**Supplied material**.

========================

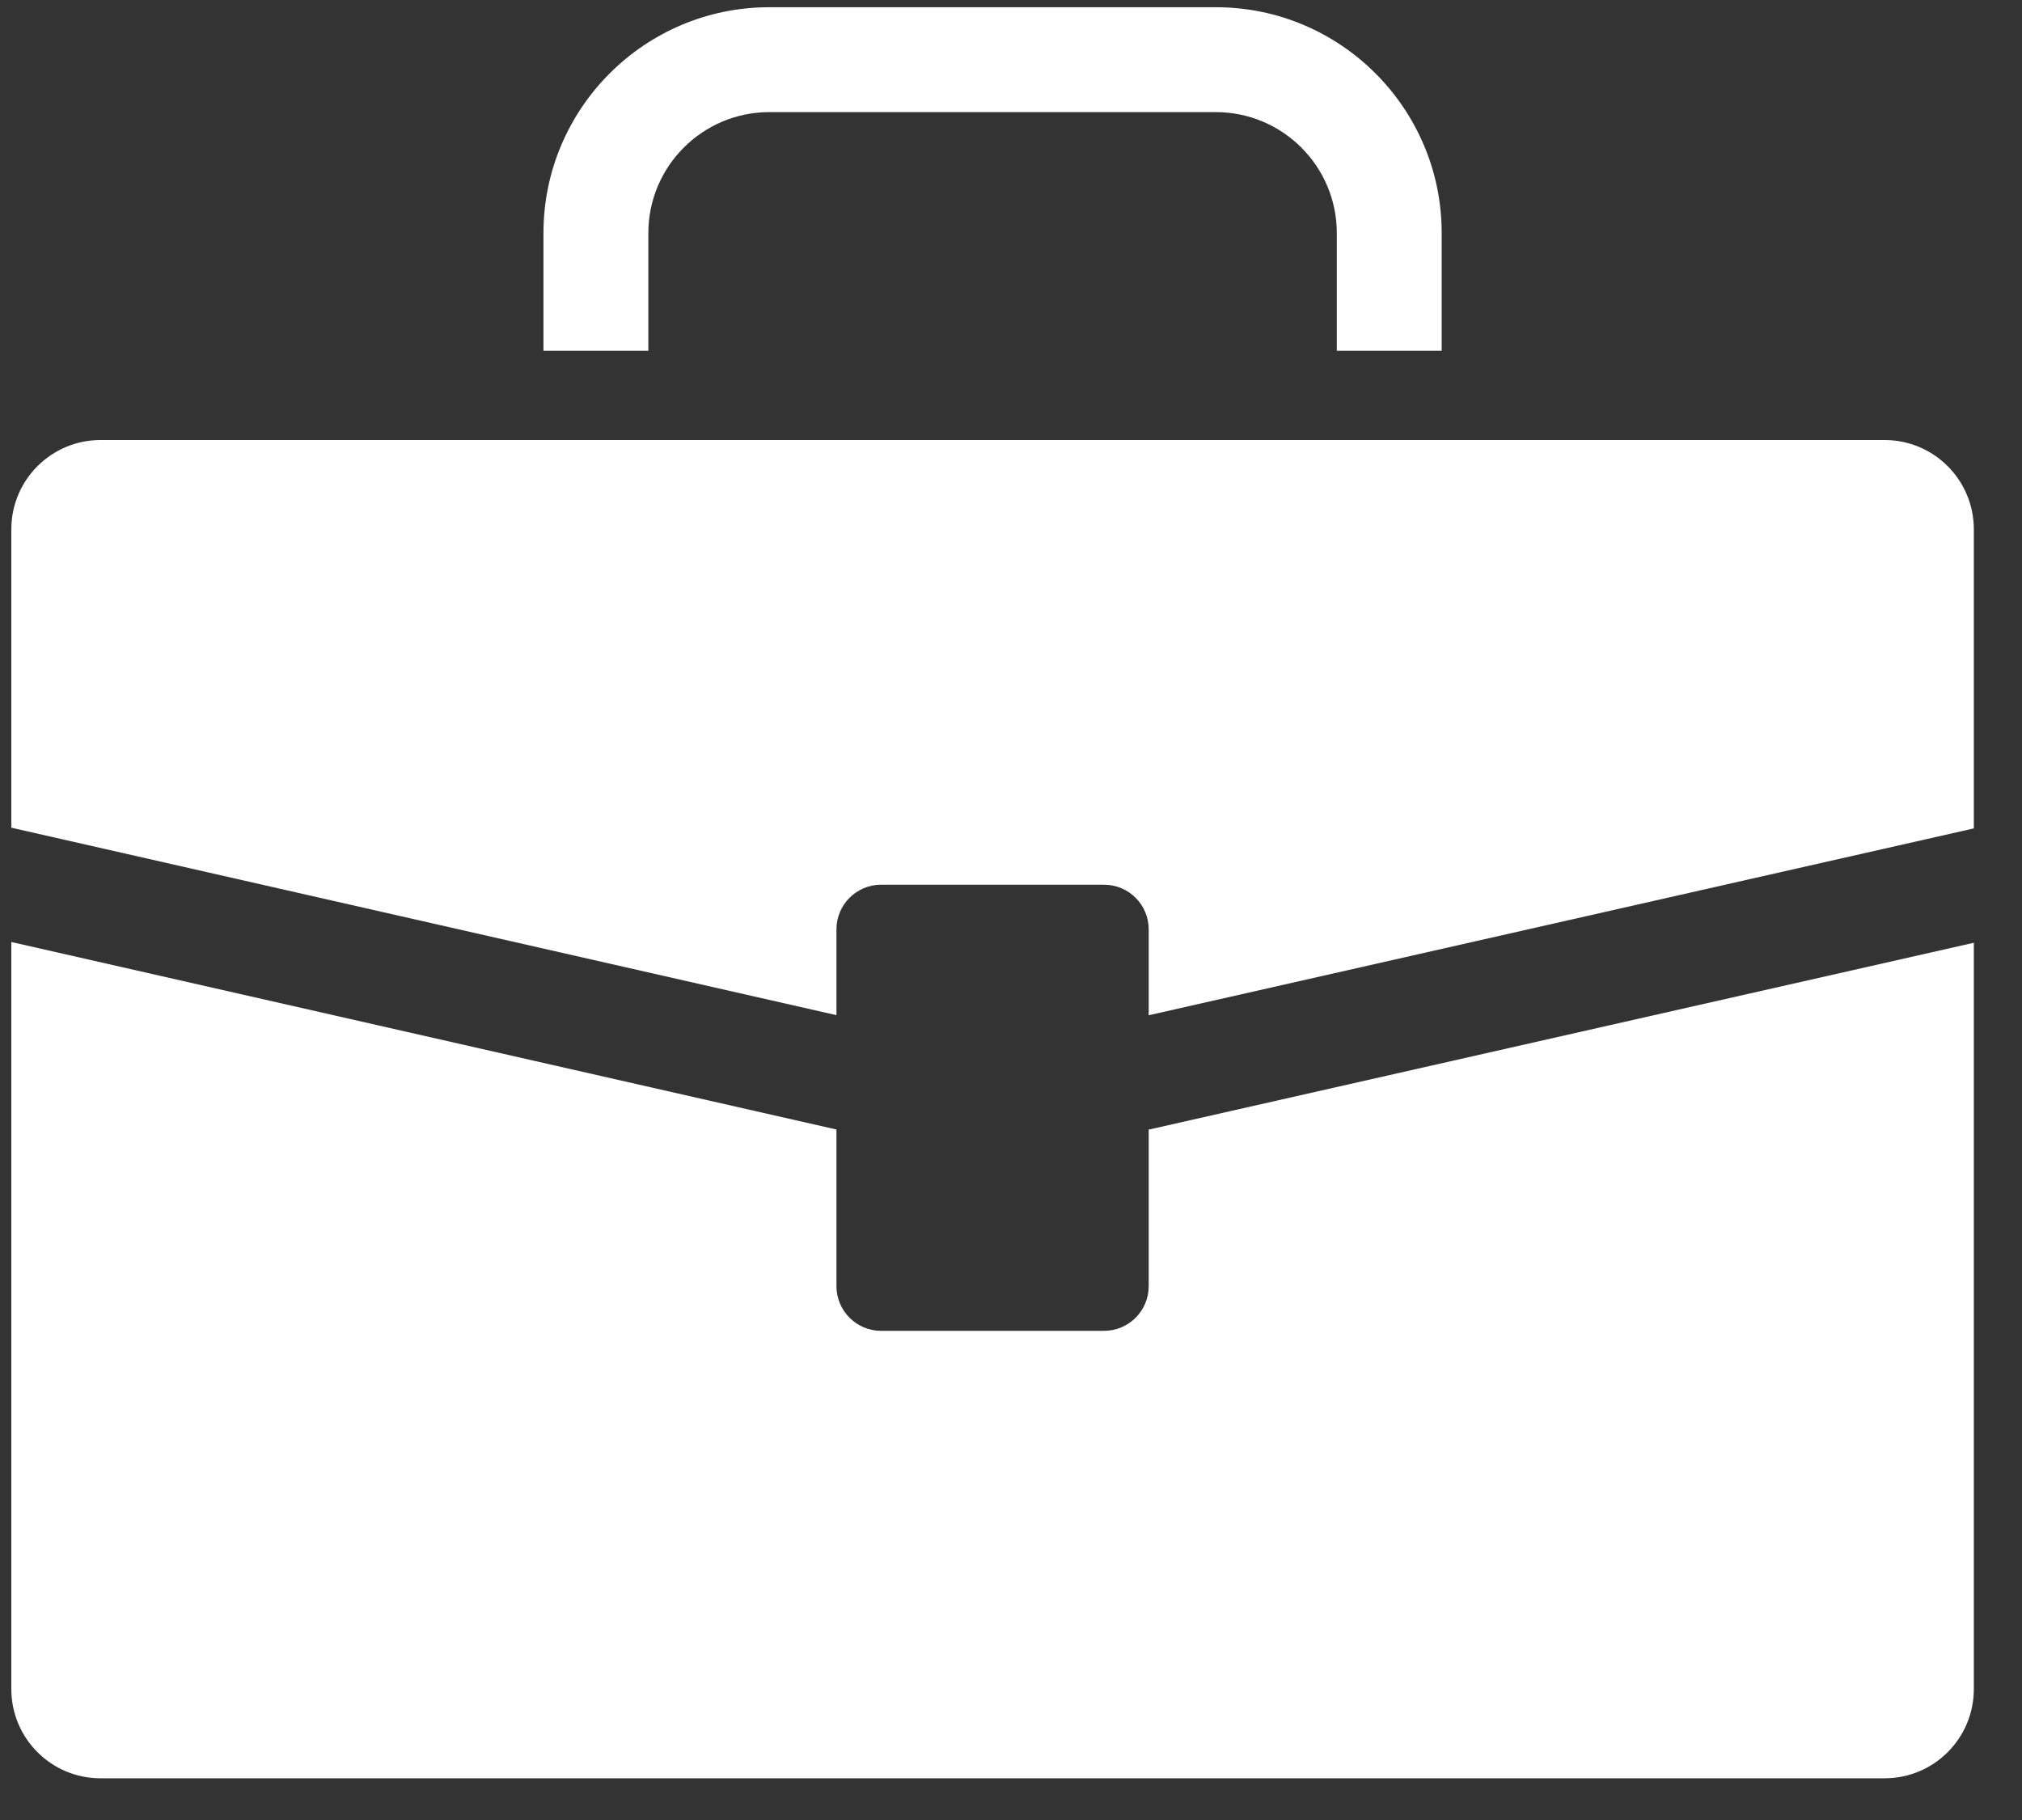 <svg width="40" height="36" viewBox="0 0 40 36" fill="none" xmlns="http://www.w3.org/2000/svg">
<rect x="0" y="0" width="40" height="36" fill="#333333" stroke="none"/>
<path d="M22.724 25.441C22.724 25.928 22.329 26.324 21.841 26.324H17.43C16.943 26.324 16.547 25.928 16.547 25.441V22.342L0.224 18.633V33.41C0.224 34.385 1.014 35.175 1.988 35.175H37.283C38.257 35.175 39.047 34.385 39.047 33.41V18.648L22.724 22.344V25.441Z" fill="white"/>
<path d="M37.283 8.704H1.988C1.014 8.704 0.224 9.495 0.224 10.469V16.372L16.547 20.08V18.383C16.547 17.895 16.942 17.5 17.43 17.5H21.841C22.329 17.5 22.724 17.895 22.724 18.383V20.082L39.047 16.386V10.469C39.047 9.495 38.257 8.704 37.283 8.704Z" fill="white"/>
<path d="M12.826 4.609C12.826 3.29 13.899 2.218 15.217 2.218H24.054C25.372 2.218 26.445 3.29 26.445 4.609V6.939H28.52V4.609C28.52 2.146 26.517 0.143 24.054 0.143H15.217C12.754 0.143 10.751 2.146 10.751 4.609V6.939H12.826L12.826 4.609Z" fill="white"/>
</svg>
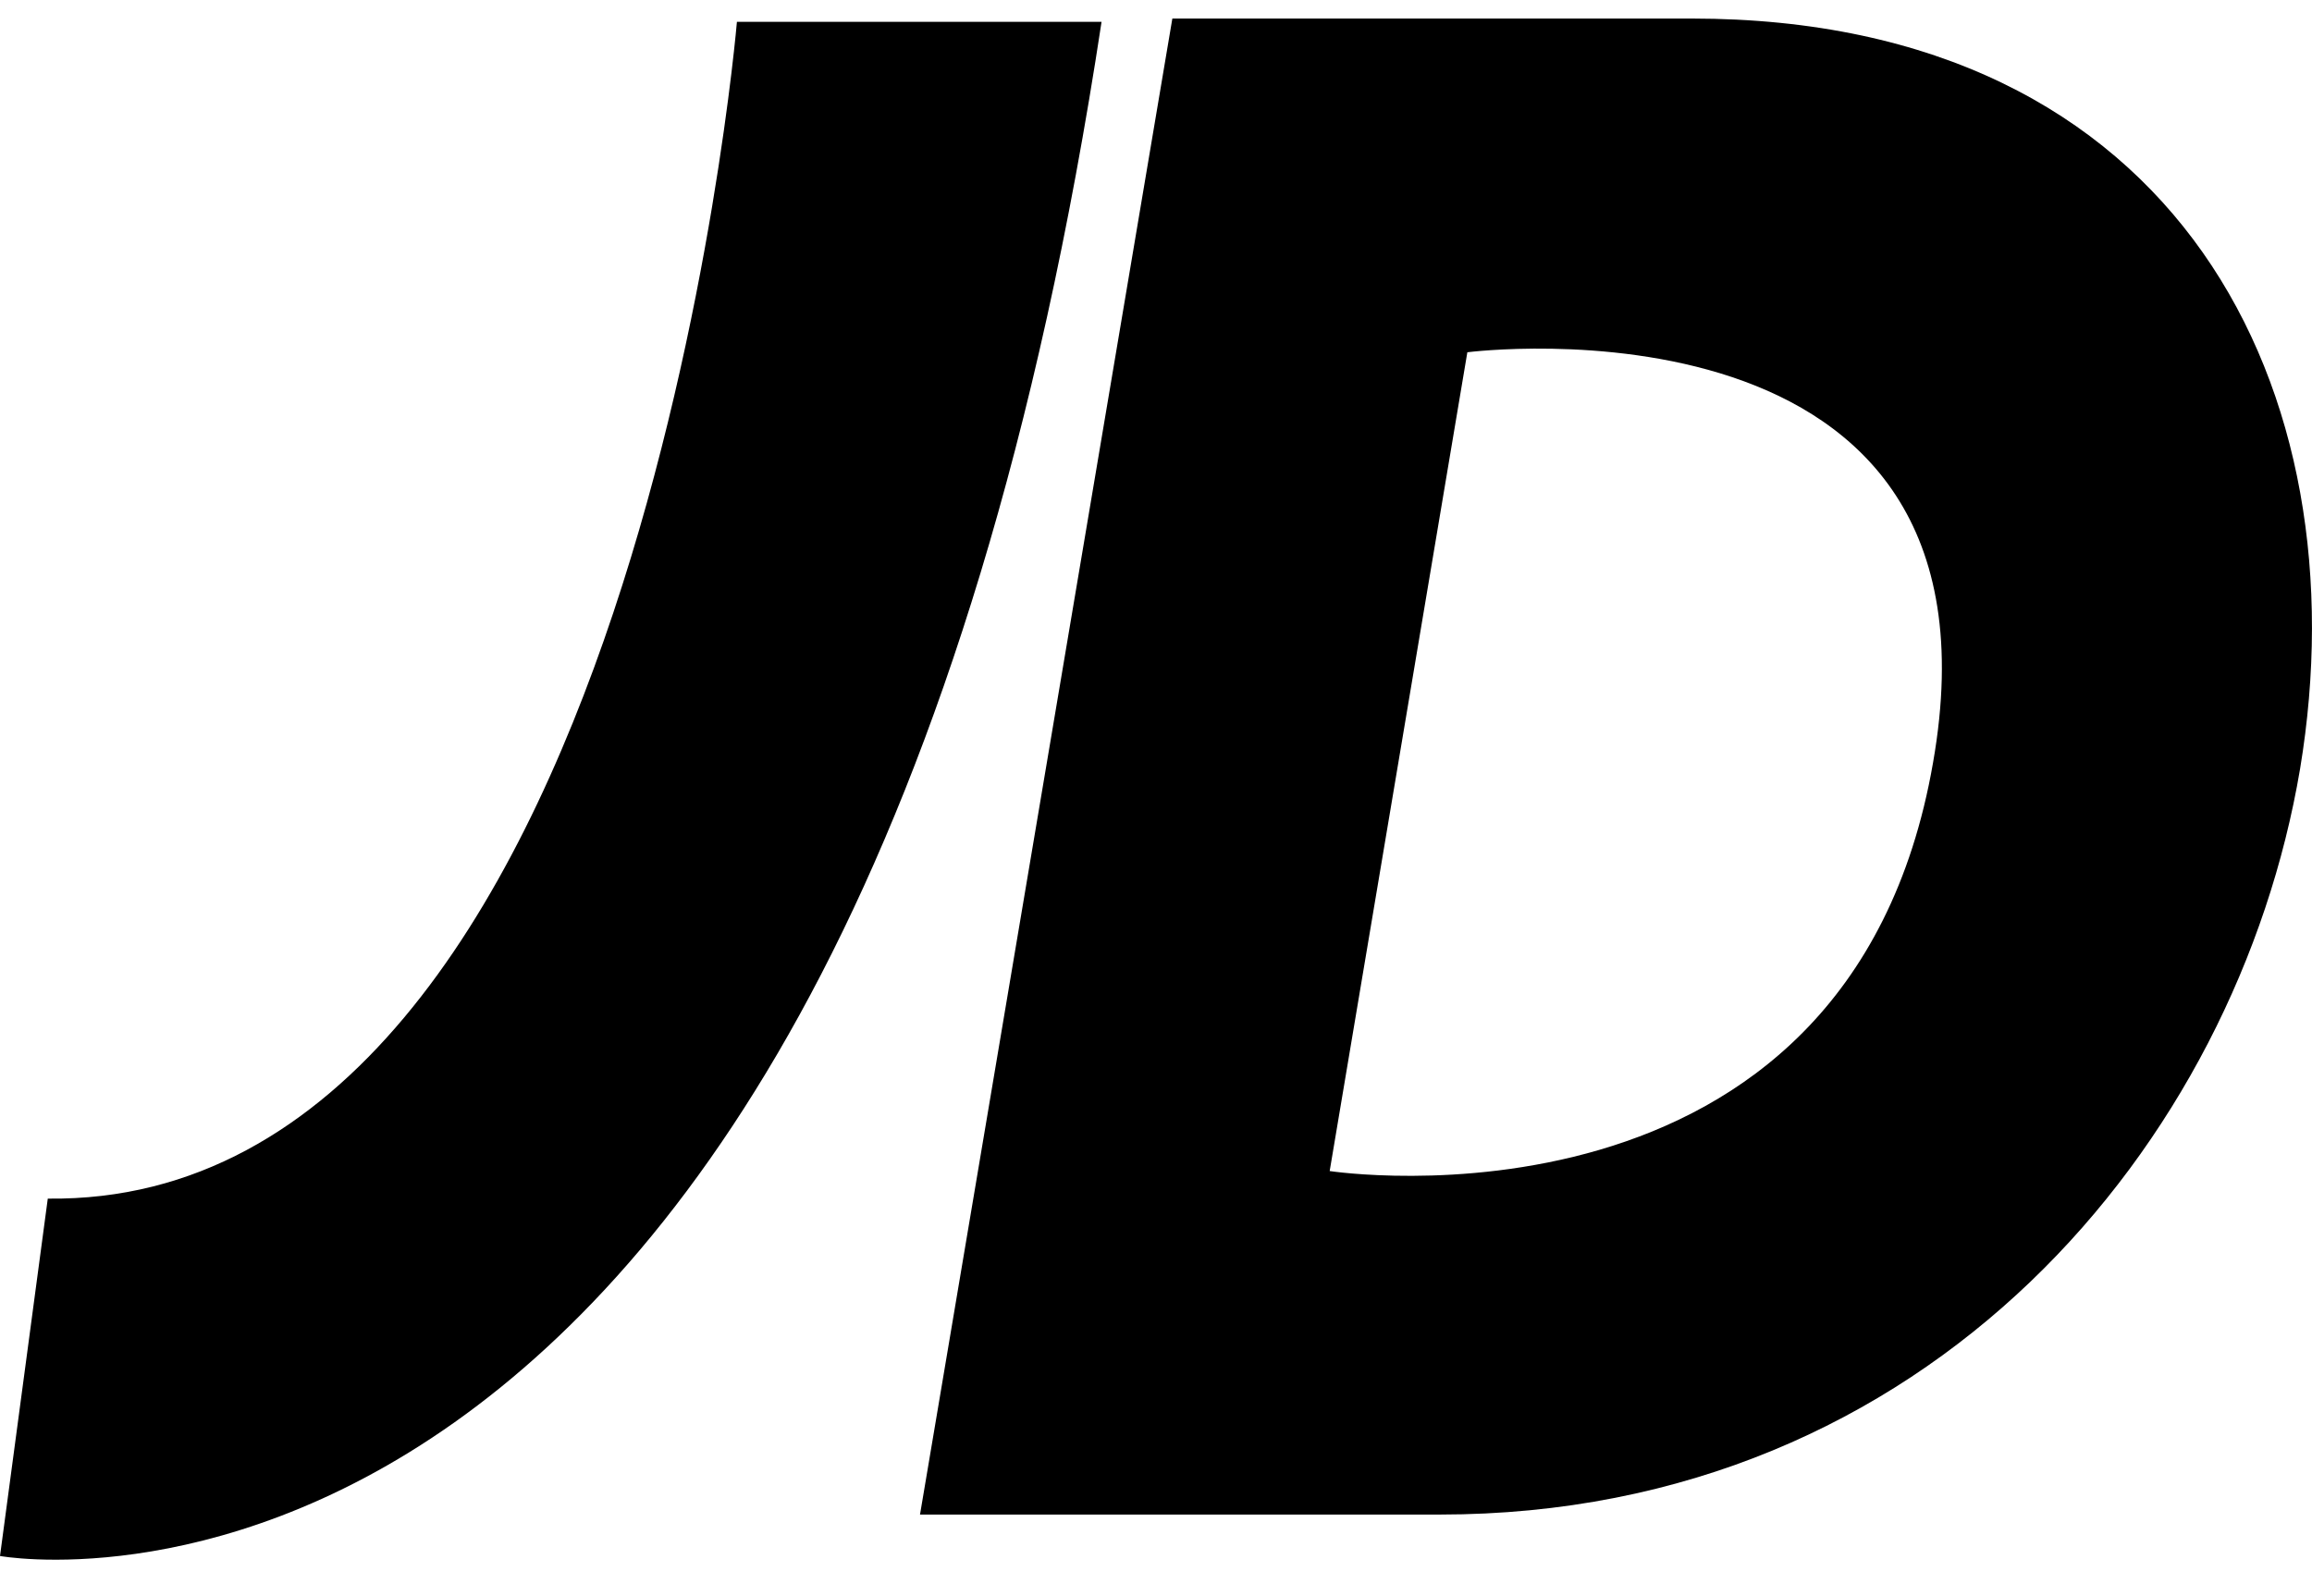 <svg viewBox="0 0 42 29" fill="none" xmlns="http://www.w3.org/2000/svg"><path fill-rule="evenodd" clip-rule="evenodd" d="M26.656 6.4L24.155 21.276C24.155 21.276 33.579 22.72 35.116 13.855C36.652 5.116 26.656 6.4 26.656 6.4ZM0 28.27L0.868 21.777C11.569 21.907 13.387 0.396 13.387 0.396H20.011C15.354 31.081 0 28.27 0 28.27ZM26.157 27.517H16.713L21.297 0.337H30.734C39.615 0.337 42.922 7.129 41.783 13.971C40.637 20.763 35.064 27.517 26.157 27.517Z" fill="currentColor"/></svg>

========================

**What you should do**.
Leave the pictures out and reproduce each record exactly as written.

**Written response**.
 <svg width="40" height="36" viewBox="0 0 40 36" fill="none" xmlns="http://www.w3.org/2000/svg">
<rect x="0" y="0" width="40" height="36" fill="#333333" stroke="none"/>
<path d="M22.724 25.441C22.724 25.928 22.329 26.324 21.841 26.324H17.43C16.943 26.324 16.547 25.928 16.547 25.441V22.342L0.224 18.633V33.41C0.224 34.385 1.014 35.175 1.988 35.175H37.283C38.257 35.175 39.047 34.385 39.047 33.41V18.648L22.724 22.344V25.441Z" fill="white"/>
<path d="M37.283 8.704H1.988C1.014 8.704 0.224 9.495 0.224 10.469V16.372L16.547 20.08V18.383C16.547 17.895 16.942 17.5 17.43 17.5H21.841C22.329 17.5 22.724 17.895 22.724 18.383V20.082L39.047 16.386V10.469C39.047 9.495 38.257 8.704 37.283 8.704Z" fill="white"/>
<path d="M12.826 4.609C12.826 3.29 13.899 2.218 15.217 2.218H24.054C25.372 2.218 26.445 3.29 26.445 4.609V6.939H28.52V4.609C28.52 2.146 26.517 0.143 24.054 0.143H15.217C12.754 0.143 10.751 2.146 10.751 4.609V6.939H12.826L12.826 4.609Z" fill="white"/>
</svg>
 <svg viewBox="0 0 42 29" fill="none" xmlns="http://www.w3.org/2000/svg"><path fill-rule="evenodd" clip-rule="evenodd" d="M26.656 6.4L24.155 21.276C24.155 21.276 33.579 22.72 35.116 13.855C36.652 5.116 26.656 6.4 26.656 6.4ZM0 28.27L0.868 21.777C11.569 21.907 13.387 0.396 13.387 0.396H20.011C15.354 31.081 0 28.27 0 28.27ZM26.157 27.517H16.713L21.297 0.337H30.734C39.615 0.337 42.922 7.129 41.783 13.971C40.637 20.763 35.064 27.517 26.157 27.517Z" fill="currentColor"/></svg>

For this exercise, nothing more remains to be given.